This is an extremely valuable question and not enough people ponder it.
The Amiga OS outside of the Amiga Hardware still has a lot of unique things for which it would be cool to have it be able to run on more modern hardware.
History
I have since before the Amiga and up until now used and continue to use many different computing platforms and operating systems, both professionally and out of my own curiosity.
In the late '90s just as Gateway purchased the rights to the Amiga I wrote them an extensive analysis on why they should give up on the hardware game and focus only on the OS. I was shot down by Gateway/Amiga Inc. as they believed that the OS had now future outside the custom hardware. I bet Carl Sassenrath would also disagree with them.
The Little OS that Could
Without a doubt the Amiga OS, true to its goal, is the most user centric and the most user friendly OS ever developed.
This has nothing to do with where the widgets are placed in relation to the window, the small footprint, or the inclusion of pre-emptive multitasking. It is about the paradigms.
The OS paradigms that are at the core of the Amiga OS are in certain ways more relevant today than they were in the late '80s and early '90s. And that makes it doubly tragic that all of the post OS3.x forks are missing this important point.
At the end of the day there aren't many unique OS paradigms in existence today. There is the Unix paradigm, the Mac OS (pre-OS X) and Windows paradigm, there is an assortment of experimental OS paradigms that will most likely never get their "moment in the Sun", and then there is the Amiga OS paradigm.
And yes, there are some superficial similarities between all of these which are there for a bunch of different reasons and have a lot to do with convention.

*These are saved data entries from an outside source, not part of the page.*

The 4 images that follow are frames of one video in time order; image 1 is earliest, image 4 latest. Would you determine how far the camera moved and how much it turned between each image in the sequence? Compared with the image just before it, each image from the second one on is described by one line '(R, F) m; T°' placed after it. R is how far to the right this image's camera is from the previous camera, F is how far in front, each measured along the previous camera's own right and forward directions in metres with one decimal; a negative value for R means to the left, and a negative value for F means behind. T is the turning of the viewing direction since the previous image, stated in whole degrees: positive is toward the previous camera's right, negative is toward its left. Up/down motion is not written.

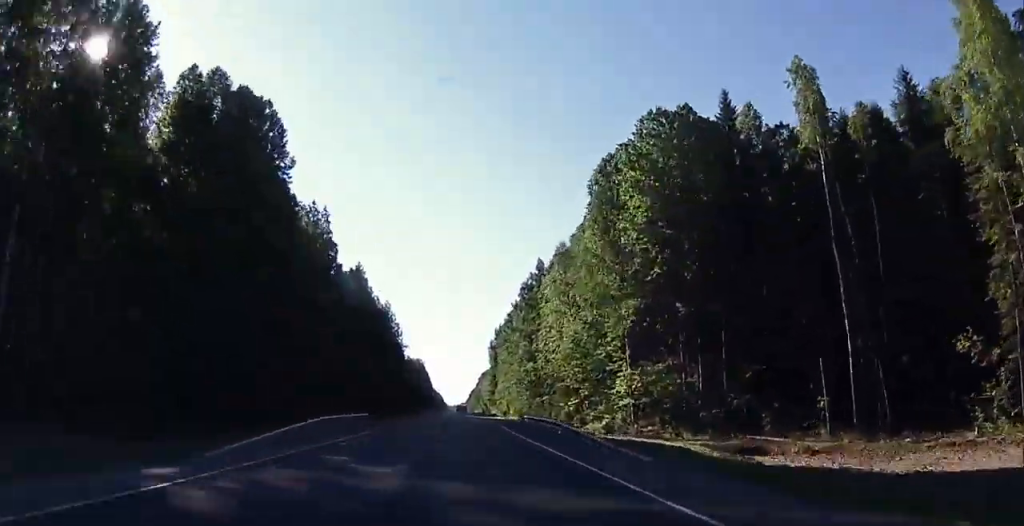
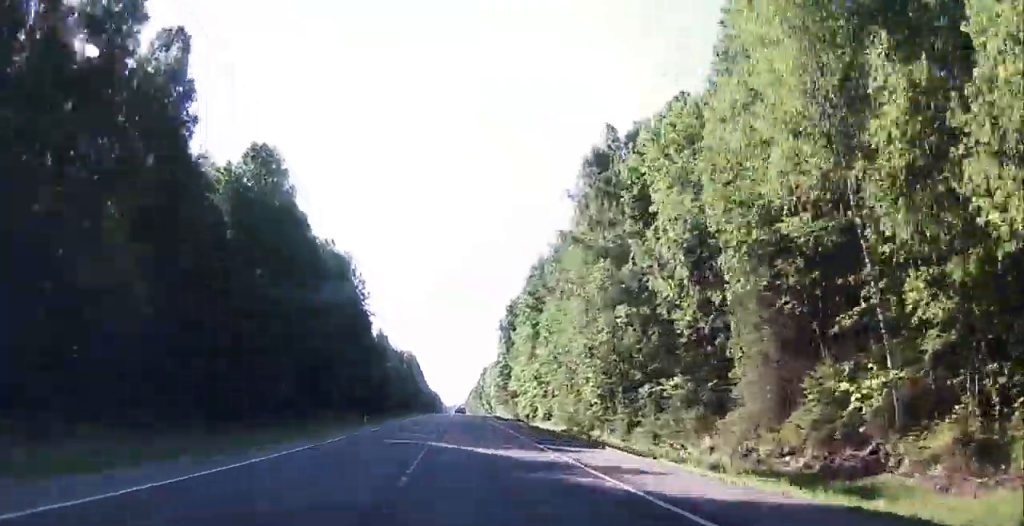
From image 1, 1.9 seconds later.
(+2.9, +55.2) m; +5°
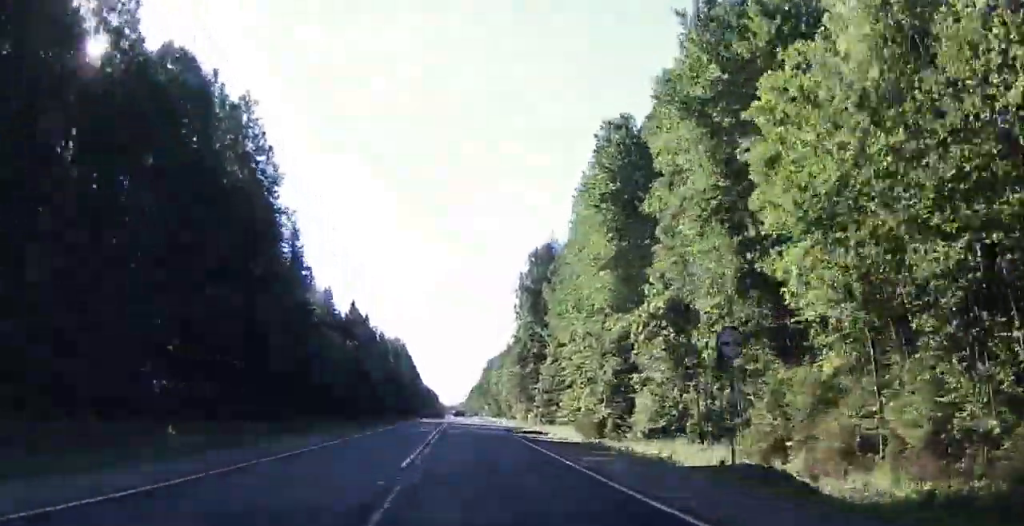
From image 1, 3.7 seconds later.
(+0.2, +53.1) m; 0°
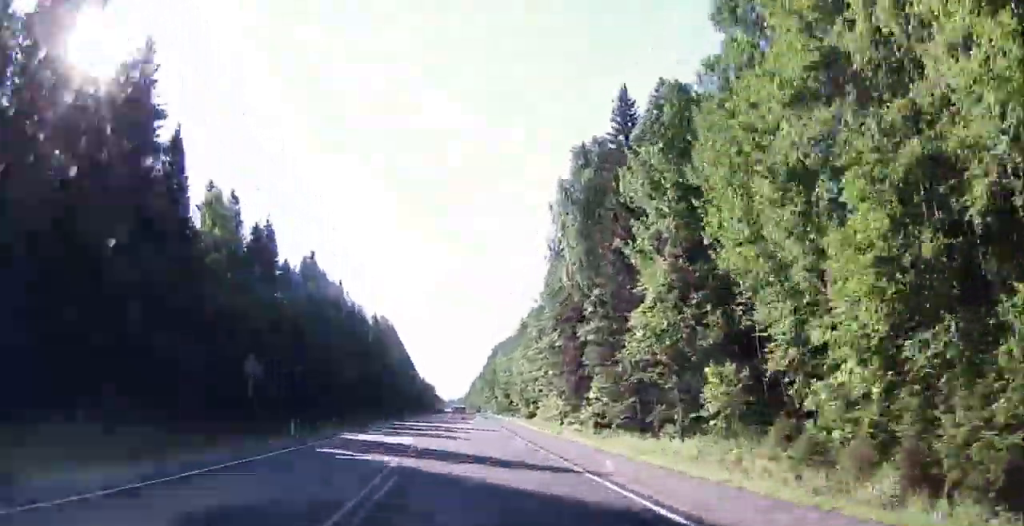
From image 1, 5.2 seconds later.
(0.0, +43.8) m; 0°

A really good OS strikes a balance between the user and the developer. As an OS is primarily an environment in which applications are run, it would behove itself to make it easy for application developers to create applications for it. Make it easy for developers to write the kinds of software users would like to use.
Windows is terrible at this. Mac OS X is slightly better only because of the energy that Apple puts in to establish the benchmark and by controlling the tools. Don't even get me started on Unix and Linux.
Amiga OS is the only OS I have had the pleasure of knowing that did this well, without the overbearing control, and in the late '80s and early '90s for crying out loud.
And yes, features such as memory protection, and multiuser environments and better ACLs could be implemented if there was funding.
Amiga OS could be like many of the other OSs, but other OSs have tried to be more Amiga like and failed. There is something in that, do you think?